O voto condutor do acórdão, que prevaleceu e resultou na decisão unânime de mérito, reconheceu que a Fiscalização demonstrou a utilização de recursos da indústria química pela empresa importadora nas operações. Este fato, segundo o relator, subsume-se à presunção estabelecida no artigo 27 da Lei No. 10.637/2002, que determina a consideração da operação como importação por conta e ordem de terceiro para fins específicos, detalhados nos artigos 77 a 81 da Medida Provisória No. 2.158-35/2001, relacionados à sujeição passiva solidária, responsabilidade por infrações, equiparação industrial e incidência de contribuições sociais.

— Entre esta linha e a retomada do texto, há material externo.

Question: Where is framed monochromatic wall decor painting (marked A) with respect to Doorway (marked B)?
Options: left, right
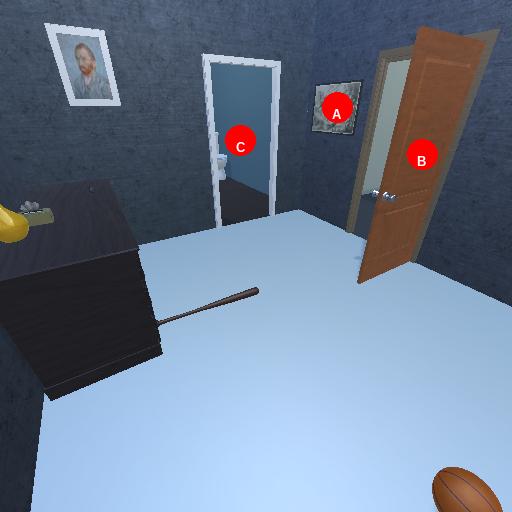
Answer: left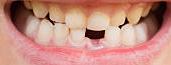
Condition: hypodontia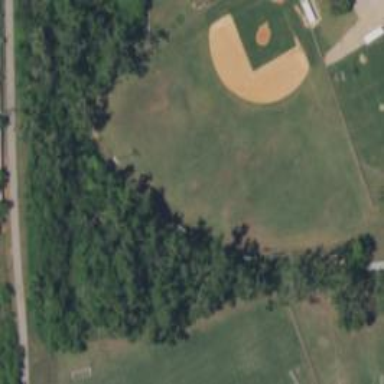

No entanto, o relator destacou uma distinção crucial: a presunção do artigo 27 da Lei No. 10.637/2002 não é suficiente, por si só, para caracterizar a interposição fraudulenta punível com pena de perdimento ou multa equivalente, prevista no artigo 23, inciso V, do Decreto-Lei No. 1.455/1976. Para a aplicação desta penalidade mais severa, é indispensável a comprovação de fraude ou simulação robusta, que demonstre a intenção de ocultar o real adquirente com o objetivo de obter resultados ilícitos. A Fiscalização não conseguiu apresentar provas contundentes de fraude ou simulação, como a identificação de quem efetivamente negociou as mercadorias no exterior ou a demonstração de ganhos ilícitos específicos, como subfaturamento ou sonegação de tributos internos.
A decisão enfatizou que os indícios levantados pela Fiscalização, como notas fiscais sequenciais e venda de todas as mercadorias para a mesma empresa, apenas confirmam que a indústria química era a real adquirente ou encomendante, o que é compatível com a modalidade de importação por conta e ordem, mas não necessariamente com fraude. Sem a prova robusta de que a ocultação do real adquirente teve como objetivo primordial eludir a fiscalização ou arrecadação de tributos de forma fraudulenta, a conduta, embora em desacordo com as regras de declaração, não se enquadra no tipo infracional de interposição *fraudulenta*. O colegiado concluiu que, embora as operações tenham sido realizadas com recursos de terceiro, a ausência de fraude ou simulação comprovada inviabiliza a aplicação da multa por interposição fraudulenta.